* _EXERCISE DIRECTIONS_: Every line below that holds the word "ground" must be listed.

=== INPUT ===

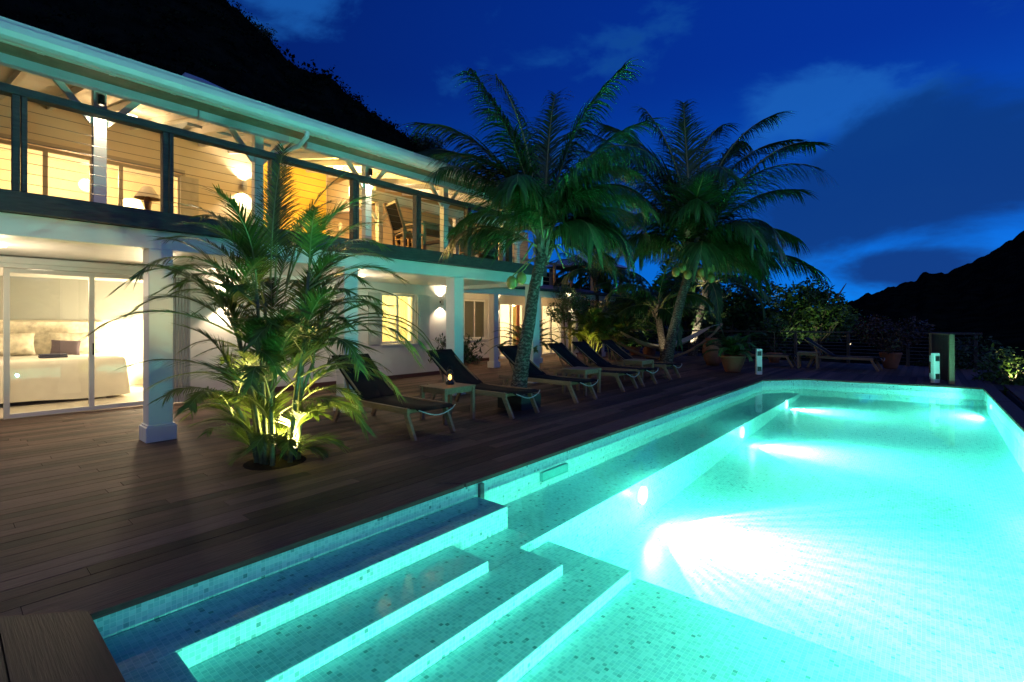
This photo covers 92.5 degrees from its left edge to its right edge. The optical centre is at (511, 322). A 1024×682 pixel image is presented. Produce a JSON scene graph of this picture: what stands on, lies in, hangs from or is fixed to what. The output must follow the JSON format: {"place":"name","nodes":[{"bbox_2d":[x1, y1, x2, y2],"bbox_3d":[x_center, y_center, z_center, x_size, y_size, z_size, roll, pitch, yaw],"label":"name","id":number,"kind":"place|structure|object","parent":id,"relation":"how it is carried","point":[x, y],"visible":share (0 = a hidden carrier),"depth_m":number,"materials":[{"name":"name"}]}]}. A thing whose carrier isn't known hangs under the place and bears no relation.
{"place":"outdoors","nodes":[
{"label":"outdoors","id":0,"kind":"place"},
{"bbox_2d":[0,643,7,681],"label":"deck","id":1,"kind":"structure","parent":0,"point":[3,676],"depth_m":2.12,"materials":[{"name":"brown wood"}]},
{"bbox_2d":[134,186,159,209],"bbox_3d":[-6.428,-2.155,8.648,0.400,0.470,0.400,0,0,40],"label":"table lamp","id":2,"kind":"object","parent":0,"point":[146,197],"visible":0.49,"depth_m":8.60,"materials":[{"name":"beige fabric"}]},
{"bbox_2d":[0,351,1023,616],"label":"wooden deck","id":3,"kind":"structure","parent":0,"point":[96,501],"depth_m":5.09,"materials":[{"name":"brown wood"}]},
{"bbox_2d":[74,141,439,470],"bbox_3d":[-2.471,-0.261,5.121,2.822,3.715,3.103,0,0,40],"label":"areca palm","id":4,"kind":"object","parent":3,"relation":"on","point":[279,342],"visible":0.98,"depth_m":5.09,"materials":[{"name":"plant"}]},
{"bbox_2d":[0,16,546,442],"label":"villa","id":5,"kind":"object","parent":3,"relation":"on","point":[78,164],"visible":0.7,"depth_m":8.71,"materials":[{"name":"paint"}]},
{"bbox_2d":[0,139,90,200],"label":"glass door","id":6,"kind":"structure","parent":5,"relation":"in","point":[45,151],"depth_m":9.13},
{"bbox_2d":[0,322,129,403],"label":"bed","id":7,"kind":"object","parent":5,"relation":"on","point":[33,377],"visible":0.81,"depth_m":9.33,"materials":[{"name":"white fabric"}]},
{"bbox_2d":[0,333,35,354],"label":"pillow","id":8,"kind":"object","parent":7,"relation":"on","point":[21,343],"visible":0.79,"depth_m":9.89,"materials":[{"name":"fabric"}]},
{"bbox_2d":[38,353,67,357],"bbox_3d":[-8.808,0.640,9.400,0.240,0.070,0.400,0,0,40],"label":"folded towel","id":9,"kind":"object","parent":7,"relation":"on","point":[55,355],"visible":1,"depth_m":9.32,"materials":[{"name":"grey fabric"}]},
{"bbox_2d":[50,340,80,354],"bbox_3d":[-9.166,0.520,10.059,0.460,0.320,0.160,5,-24,-41],"label":"cushion","id":10,"kind":"object","parent":7,"relation":"on","point":[67,347],"visible":0.93,"depth_m":10.01,"materials":[{"name":"fabric"}]},
{"bbox_2d":[49,332,87,353],"bbox_3d":[-9.468,0.440,10.553,0.200,0.460,0.750,-18,-12,39],"label":"pillow","id":11,"kind":"object","parent":7,"relation":"on","point":[71,337],"visible":0.46,"depth_m":10.52,"materials":[{"name":"fabric"}]},
{"bbox_2d":[3,268,142,418],"bbox_3d":[-7.086,0.325,8.237,0.110,2.310,2.040,0,0,40],"label":"glass door","id":12,"kind":"structure","parent":5,"relation":"in","point":[6,271],"depth_m":7.97,"materials":[{"name":"white paint"}]},
{"bbox_2d":[98,94,104,105],"bbox_3d":[-5.069,-2.740,6.048,0.068,0.120,0.070,0,0,40],"label":"post lamp","id":13,"kind":"object","parent":5,"relation":"attached to","point":[101,99],"visible":1,"depth_m":6.02,"materials":[{"name":"metal"}]},
{"bbox_2d":[107,160,181,213],"bbox_3d":[-7.740,-2.325,10.277,0.070,1.850,1.380,0,0,40],"label":"glass door","id":14,"kind":"structure","parent":5,"relation":"in","point":[120,165],"depth_m":10.04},
{"bbox_2d":[242,181,246,189],"bbox_3d":[-6.371,-3.250,11.671,0.156,0.200,0.119,0,0,68],"label":"wall lamp","id":15,"kind":"object","parent":5,"relation":"attached to","point":[245,184],"visible":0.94,"depth_m":11.61,"materials":[{"name":"grey metal"}]},
{"bbox_2d":[380,293,418,345],"bbox_3d":[-3.016,-0.068,13.019,0.190,1.365,1.200,0,0,40],"label":"window","id":16,"kind":"structure","parent":5,"relation":"in","point":[388,343],"depth_m":13.05,"materials":[{"name":"white paint"}]},
{"bbox_2d":[395,229,410,246],"bbox_3d":[-2.564,-1.923,12.162,0.711,1.088,0.540,0,0,40],"label":"dining chair","id":17,"kind":"object","parent":5,"relation":"on","point":[397,242],"visible":0.17,"depth_m":12.09,"materials":[{"name":"brown wood"}]},
{"bbox_2d":[384,198,426,249],"bbox_3d":[-2.214,-1.923,10.151,0.711,1.088,0.540,0,0,-40],"label":"dining chair","id":18,"kind":"object","parent":5,"relation":"on","point":[391,212],"visible":0.73,"depth_m":10.03,"materials":[{"name":"brown wood"}]},
{"bbox_2d":[400,221,463,252],"bbox_3d":[-1.781,-1.802,11.562,0.840,0.845,1.500,0,0,40],"label":"dining table","id":19,"kind":"object","parent":5,"relation":"on","point":[432,230],"visible":0.24,"depth_m":11.14,"materials":[{"name":"brown wood"}]},
{"bbox_2d":[459,237,486,256],"bbox_3d":[-0.971,-1.923,12.888,0.711,1.088,0.540,0,0,-45],"label":"dining chair","id":20,"kind":"object","parent":5,"relation":"on","point":[472,250],"visible":0.16,"depth_m":12.83,"materials":[{"name":"brown wood"}]},
{"bbox_2d":[473,225,503,259],"bbox_3d":[-0.566,-1.838,11.436,0.815,0.916,0.789,0,0,40],"label":"potted plant","id":21,"kind":"object","parent":5,"relation":"on","point":[491,252],"visible":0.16,"depth_m":11.27,"materials":[{"name":"green plant"}]},
{"bbox_2d":[332,353,455,441],"bbox_3d":[-1.746,1.010,7.041,2.120,1.004,0.702,0,0,40],"label":"sun lounger","id":22,"kind":"object","parent":3,"relation":"on","point":[375,393],"visible":0.77,"depth_m":7.07,"materials":[{"name":"grey wood"}]},
{"bbox_2d":[419,382,475,424],"bbox_3d":[-0.993,1.236,7.568,0.582,0.525,0.640,0,0,40],"label":"side table","id":23,"kind":"object","parent":3,"relation":"on","point":[445,391],"visible":0.84,"depth_m":7.49,"materials":[{"name":"brown wood"}]},
{"bbox_2d":[446,366,453,384],"bbox_3d":[-0.973,0.828,7.683,0.140,0.290,0.144,0,0,40],"label":"lantern","id":24,"kind":"object","parent":23,"relation":"on","point":[449,382],"visible":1,"depth_m":7.64,"materials":[{"name":"metal"}]},
{"bbox_2d":[428,332,488,366],"bbox_3d":[-1.340,0.875,12.721,1.565,1.250,1.490,0,0,40],"label":"potted oleander","id":25,"kind":"object","parent":3,"relation":"on","point":[470,359],"visible":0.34,"depth_m":12.71,"materials":[{"name":"plant"}]},
{"bbox_2d":[426,349,539,419],"bbox_3d":[-0.534,1.010,8.418,2.120,1.004,0.702,0,0,39],"label":"sun lounger","id":26,"kind":"object","parent":3,"relation":"on","point":[462,372],"visible":0.72,"depth_m":8.61,"materials":[{"name":"grey wood"}]},
{"bbox_2d":[498,393,540,410],"bbox_3d":[0.128,1.379,8.636,0.540,0.238,0.540,0,0,40],"label":"planter box","id":27,"kind":"object","parent":3,"relation":"on","point":[518,403],"visible":0.69,"depth_m":8.40,"materials":[{"name":"black"}]},
{"bbox_2d":[400,57,668,395],"bbox_3d":[0.624,-1.532,8.865,4.973,7.265,5.010,0,0,-27],"label":"coconut palm","id":28,"kind":"object","parent":27,"relation":"in","point":[535,200],"visible":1,"depth_m":8.53,"materials":[{"name":"green plant"}]},
{"bbox_2d":[484,319,566,354],"bbox_3d":[0.493,0.708,12.827,2.199,1.585,2.183,0,0,40],"label":"potted cycad","id":29,"kind":"object","parent":3,"relation":"on","point":[517,334],"visible":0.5,"depth_m":12.70,"materials":[{"name":"plant"}]},
{"bbox_2d":[464,218,618,367],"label":"guest house","id":30,"kind":"structure","parent":3,"relation":"on","point":[484,313],"depth_m":20.01,"materials":[{"name":"paint"}]},
{"bbox_2d":[464,299,485,338],"bbox_3d":[-1.449,-0.115,18.764,0.070,1.510,1.200,0,0,40],"label":"window","id":31,"kind":"structure","parent":30,"relation":"in","point":[484,301],"depth_m":18.77,"materials":[{"name":"white paint"}]},
{"bbox_2d":[500,303,524,358],"bbox_3d":[-0.007,0.340,20.458,0.070,2.280,1.650,0,0,40],"label":"glass door","id":32,"kind":"structure","parent":30,"relation":"in","point":[510,304],"depth_m":20.38,"materials":[{"name":"white paint"}]},
{"bbox_2d":[542,304,561,354],"bbox_3d":[1.824,0.340,22.610,0.070,2.280,1.600,0,0,40],"label":"glass door","id":33,"kind":"structure","parent":30,"relation":"in","point":[542,304],"depth_m":22.52,"materials":[{"name":"white paint"}]},
{"bbox_2d":[497,345,597,403],"bbox_3d":[0.689,1.010,9.902,2.120,1.004,0.702,0,0,41],"label":"sun lounger","id":34,"kind":"object","parent":3,"relation":"on","point":[535,374],"visible":0.7,"depth_m":9.87,"materials":[{"name":"wood"}]},
{"bbox_2d":[93,380,1023,681],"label":"pool basin","id":35,"kind":"object","parent":3,"relation":"in","point":[735,536],"visible":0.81,"depth_m":4.05,"materials":[{"name":"teal tile"}]},
{"bbox_2d":[0,611,124,681],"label":"coping board","id":36,"kind":"object","parent":35,"relation":"on","point":[62,647],"visible":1,"depth_m":2.24,"materials":[{"name":"brown wood"}]},
{"bbox_2d":[31,378,1023,619],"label":"pool coping","id":37,"kind":"object","parent":35,"relation":"on","point":[117,599],"visible":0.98,"depth_m":3.68,"materials":[{"name":"white stone"}]},
{"bbox_2d":[740,384,1001,414],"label":"wall","id":38,"kind":"structure","parent":35,"relation":"in","point":[975,403],"depth_m":10.91,"materials":[{"name":"teal tile"}]},
{"bbox_2d":[544,283,597,350],"bbox_3d":[2.220,0.251,18.645,2.117,3.507,1.788,0,0,40],"label":"flowering shrub","id":39,"kind":"object","parent":3,"relation":"on","point":[558,307],"visible":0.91,"depth_m":18.48,"materials":[{"name":"green plant"}]},
{"bbox_2d":[562,366,600,395],"bbox_3d":[1.471,1.236,10.370,0.582,0.525,0.640,0,0,39],"label":"side table","id":40,"kind":"object","parent":3,"relation":"on","point":[579,370],"visible":0.97,"depth_m":10.29,"materials":[{"name":"brown wood"}]},
{"bbox_2d":[551,298,624,362],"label":"areca palm","id":41,"kind":"object","parent":3,"relation":"on","point":[595,329],"visible":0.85,"depth_m":17.86,"materials":[{"name":"plant"}]},
{"bbox_2d":[547,342,638,391],"bbox_3d":[1.865,1.010,11.391,2.120,1.004,0.702,0,0,39],"label":"sun lounger","id":42,"kind":"object","parent":3,"relation":"on","point":[565,354],"visible":0.69,"depth_m":11.60,"materials":[{"name":"black fabric"}]},
{"bbox_2d":[546,234,663,355],"bbox_3d":[3.783,-0.860,20.887,4.969,5.920,4.369,0,0,5],"label":"coconut palm","id":43,"kind":"object","parent":3,"relation":"on","point":[598,276],"visible":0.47,"depth_m":21.00,"materials":[{"name":"green plant"}]},
{"bbox_2d":[572,341,657,386],"bbox_3d":[2.550,1.010,12.242,2.120,1.004,0.702,0,0,42],"label":"sun lounger","id":44,"kind":"object","parent":3,"relation":"on","point":[587,350],"visible":0.78,"depth_m":12.41,"materials":[{"name":"black fabric"}]},
{"bbox_2d":[584,294,655,359],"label":"areca palm","id":45,"kind":"object","parent":3,"relation":"on","point":[622,328],"visible":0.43,"depth_m":19.16,"materials":[{"name":"plant"}]},
{"bbox_2d":[623,330,647,354],"bbox_3d":[5.599,0.919,22.289,1.158,1.162,1.176,0,0,40],"label":"potted plant","id":46,"kind":"object","parent":3,"relation":"on","point":[636,347],"visible":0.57,"depth_m":22.13,"materials":[{"name":"green plant"}]},
{"bbox_2d":[622,359,653,380],"bbox_3d":[3.268,1.236,12.713,0.582,0.525,0.640,0,0,42],"label":"side table","id":47,"kind":"object","parent":3,"relation":"on","point":[640,362],"visible":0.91,"depth_m":12.61,"materials":[{"name":"brown wood"}]},
{"bbox_2d":[601,339,681,379],"bbox_3d":[3.560,1.010,13.537,2.120,1.004,0.702,0,0,38],"label":"sun lounger","id":48,"kind":"object","parent":3,"relation":"on","point":[613,346],"visible":0.7,"depth_m":13.64,"materials":[{"name":"grey wood"}]},
{"bbox_2d":[643,347,655,358],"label":"potted plant","id":49,"kind":"object","parent":3,"relation":"on","point":[649,351],"visible":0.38,"depth_m":20.15,"materials":[{"name":"ceramic"}]},
{"bbox_2d":[584,239,732,360],"bbox_3d":[5.393,-0.470,18.761,5.283,5.140,4.834,0,0,7],"label":"coconut palm","id":50,"kind":"object","parent":3,"relation":"on","point":[661,310],"visible":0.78,"depth_m":18.20,"materials":[{"name":"green plant"}]},
{"bbox_2d":[610,323,722,359],"bbox_3d":[5.949,0.757,19.589,4.935,1.477,1.201,0,0,6],"label":"hammock","id":51,"kind":"object","parent":3,"relation":"on","point":[684,340],"visible":0.61,"depth_m":19.52,"materials":[{"name":"white fabric"}]},
{"bbox_2d":[558,99,837,368],"bbox_3d":[5.658,-3.020,16.415,9.316,10.240,8.473,0,0,40],"label":"coconut palm","id":52,"kind":"object","parent":3,"relation":"on","point":[692,210],"visible":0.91,"depth_m":15.32,"materials":[{"name":"green plant"}]},
{"bbox_2d":[702,338,722,365],"bbox_3d":[7.028,1.025,17.130,0.720,0.950,0.720,0,0,40],"label":"plant pot","id":53,"kind":"object","parent":3,"relation":"on","point":[711,358],"visible":0.62,"depth_m":16.90,"materials":[{"name":"ceramic"}]},
{"bbox_2d":[693,331,766,372],"bbox_3d":[6.601,0.885,14.786,2.059,1.230,1.801,0,0,-26],"label":"potted fern","id":54,"kind":"object","parent":3,"relation":"on","point":[733,360],"visible":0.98,"depth_m":14.55,"materials":[{"name":"green plant"}]},
{"bbox_2d":[755,349,761,374],"bbox_3d":[7.085,1.130,14.081,0.160,0.740,0.162,0,0,6],"label":"sensor post","id":55,"kind":"object","parent":3,"relation":"on","point":[758,361],"visible":1,"depth_m":14.01,"materials":[{"name":"white plastic"}]},
{"bbox_2d":[739,347,796,367],"bbox_3d":[8.727,1.010,17.062,2.120,1.004,0.702,0,0,37],"label":"sun lounger","id":56,"kind":"object","parent":3,"relation":"on","point":[787,356],"visible":0.4,"depth_m":16.73,"materials":[{"name":"brown wood"}]},
{"bbox_2d":[760,315,788,362],"bbox_3d":[9.772,0.619,18.275,0.978,1.762,0.912,0,0,40],"label":"potted plant","id":57,"kind":"object","parent":3,"relation":"on","point":[776,329],"visible":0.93,"depth_m":18.21,"materials":[{"name":"green plant"}]},
{"bbox_2d":[589,329,982,368],"bbox_3d":[9.044,0.920,20.732,15.700,1.160,0.140,0,0,40],"label":"deck fence","id":58,"kind":"object","parent":3,"relation":"on","point":[848,352],"visible":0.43,"depth_m":18.23,"materials":[{"name":"brown wood"}]},
{"bbox_2d":[797,351,819,368],"bbox_3d":[9.705,1.236,16.033,0.582,0.525,0.640,0,0,36],"label":"side table","id":59,"kind":"object","parent":3,"relation":"on","point":[800,353],"visible":1,"depth_m":15.93,"materials":[{"name":"brown wood"}]},
{"bbox_2d":[803,337,884,371],"bbox_3d":[10.686,1.010,15.812,2.120,1.004,0.702,0,0,44],"label":"sun lounger","id":60,"kind":"object","parent":3,"relation":"on","point":[830,355],"visible":0.94,"depth_m":15.87,"materials":[{"name":"brown wood"}]},
{"bbox_2d":[850,313,934,368],"bbox_3d":[12.303,0.599,15.894,2.196,1.802,2.241,0,0,40],"label":"potted plant","id":61,"kind":"object","parent":3,"relation":"on","point":[891,356],"visible":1,"depth_m":15.76,"materials":[{"name":"green plant"}]},
{"bbox_2d":[929,353,939,382],"bbox_3d":[10.459,1.130,12.126,0.160,0.740,0.162,0,0,-9],"label":"sensor post","id":62,"kind":"object","parent":3,"relation":"on","point":[934,374],"visible":1,"depth_m":12.06,"materials":[{"name":"white plastic"}]},
{"bbox_2d":[929,333,954,383],"bbox_3d":[11.156,0.895,12.741,0.100,1.210,2.100,0,0,30],"label":"wooden screen","id":63,"kind":"object","parent":3,"relation":"on","point":[943,344],"visible":0.75,"depth_m":12.30,"materials":[{"name":"brown wood"}]},
{"bbox_2d":[0,0,1023,377],"bbox_3d":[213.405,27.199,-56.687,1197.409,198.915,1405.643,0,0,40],"label":"hills","id":64,"kind":"structure","parent":0,"point":[984,294],"depth_m":89.40,"materials":[{"name":"black plant"}]},
{"bbox_2d":[0,0,435,156],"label":"hillside scrub","id":65,"kind":"object","parent":64,"relation":"on","point":[101,45],"visible":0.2,"depth_m":87.91,"materials":[{"name":"green plant"}]},
{"bbox_2d":[253,24,276,44],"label":"ridge tree","id":66,"kind":"object","parent":64,"relation":"on","point":[263,29],"visible":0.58,"depth_m":104.75,"materials":[{"name":"green plant"}]},
{"bbox_2d":[408,132,438,149],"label":"ridge tree","id":67,"kind":"object","parent":64,"relation":"on","point":[419,142],"visible":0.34,"depth_m":111.37,"materials":[{"name":"green plant"}]},
{"bbox_2d":[421,136,446,159],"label":"ridge tree","id":68,"kind":"object","parent":64,"relation":"on","point":[437,146],"visible":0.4,"depth_m":109.33,"materials":[{"name":"green plant"}]},
{"bbox_2d":[0,370,1023,681],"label":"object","id":69,"kind":"object","parent":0,"point":[1010,396],"visible":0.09,"depth_m":10.47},
{"bbox_2d":[227,0,1023,307],"label":"sky","id":70,"kind":"structure","parent":0,"point":[920,103],"materials":[{"name":"blue"}]},
{"bbox_2d":[588,342,702,355],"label":"garden ground","id":71,"kind":"structure","parent":0,"point":[641,351],"depth_m":33.05,"materials":[{"name":"soil"}]},
{"bbox_2d":[547,253,630,347],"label":"pavilion","id":72,"kind":"structure","parent":71,"relation":"on","point":[619,266],"depth_m":28.64,"materials":[{"name":"brown wood"}]},
{"bbox_2d":[577,266,662,338],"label":"broadleaf tree","id":73,"kind":"object","parent":71,"relation":"on","point":[586,286],"visible":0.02,"depth_m":29.04,"materials":[{"name":"green plant"}]},
{"bbox_2d":[606,288,678,349],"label":"broadleaf tree","id":74,"kind":"object","parent":71,"relation":"on","point":[647,318],"visible":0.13,"depth_m":24.54,"materials":[{"name":"green plant"}]},
{"bbox_2d":[646,260,745,350],"bbox_3d":[9.535,-0.364,25.874,5.254,6.728,4.704,0,0,40],"label":"broadleaf tree","id":75,"kind":"object","parent":71,"relation":"on","point":[699,289],"visible":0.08,"depth_m":25.47,"materials":[{"name":"green plant"}]},
{"bbox_2d":[643,251,777,355],"bbox_3d":[9.085,-0.598,22.833,6.087,6.396,6.072,0,0,40],"label":"coconut palm","id":76,"kind":"object","parent":71,"relation":"on","point":[714,289],"visible":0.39,"depth_m":21.89,"materials":[{"name":"green plant"}]},
{"bbox_2d":[681,271,784,354],"bbox_3d":[10.490,0.117,23.494,4.255,5.767,3.979,0,0,0],"label":"broadleaf tree","id":77,"kind":"object","parent":71,"relation":"on","point":[731,295],"visible":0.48,"depth_m":22.58,"materials":[{"name":"green plant"}]},
{"bbox_2d":[724,282,822,358],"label":"broadleaf tree","id":78,"kind":"object","parent":71,"relation":"on","point":[777,302],"visible":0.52,"depth_m":22.23,"materials":[{"name":"green plant"}]},
{"bbox_2d":[780,275,861,361],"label":"broadleaf tree","id":79,"kind":"object","parent":71,"relation":"on","point":[821,304],"visible":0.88,"depth_m":21.60,"materials":[{"name":"green plant"}]},
{"bbox_2d":[913,333,1002,369],"bbox_3d":[14.720,1.666,16.287,1.968,2.678,2.222,0,0,5],"label":"garden shrub","id":80,"kind":"object","parent":71,"relation":"on","point":[963,351],"visible":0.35,"depth_m":15.74,"materials":[{"name":"green plant"}]},
{"bbox_2d":[971,343,1023,396],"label":"garden shrub","id":81,"kind":"object","parent":71,"relation":"on","point":[1006,376],"visible":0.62,"depth_m":12.48,"materials":[{"name":"green plant"}]},
{"bbox_2d":[801,359,841,361],"bbox_3d":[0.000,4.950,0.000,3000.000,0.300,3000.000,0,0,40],"label":"ground","id":82,"kind":"structure","parent":0,"point":[837,360],"depth_m":61.43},
{"bbox_3d":[-8.194,-1.819,10.572,0.415,0.678,0.700,0,0,40],"label":"side cabinet","id":83,"kind":"object","parent":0,"visible":0},
{"bbox_2d":[123,198,143,208],"bbox_3d":[-8.200,-2.400,10.577,0.480,0.480,0.480,0,0,40],"label":"table lamp","id":84,"kind":"object","parent":83,"relation":"on","point":[132,203],"visible":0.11,"depth_m":10.44,"materials":[{"name":"white fabric"}]}
]}

===

* _PROBLEM SOLUTION_:
{"bbox_2d":[588,342,702,355],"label":"garden ground","id":71,"kind":"structure","parent":0,"point":[641,351],"depth_m":33.05,"materials":[{"name":"soil"}]},
{"bbox_2d":[801,359,841,361],"bbox_3d":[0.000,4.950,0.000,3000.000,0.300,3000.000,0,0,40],"label":"ground","id":82,"kind":"structure","parent":0,"point":[837,360],"depth_m":61.43},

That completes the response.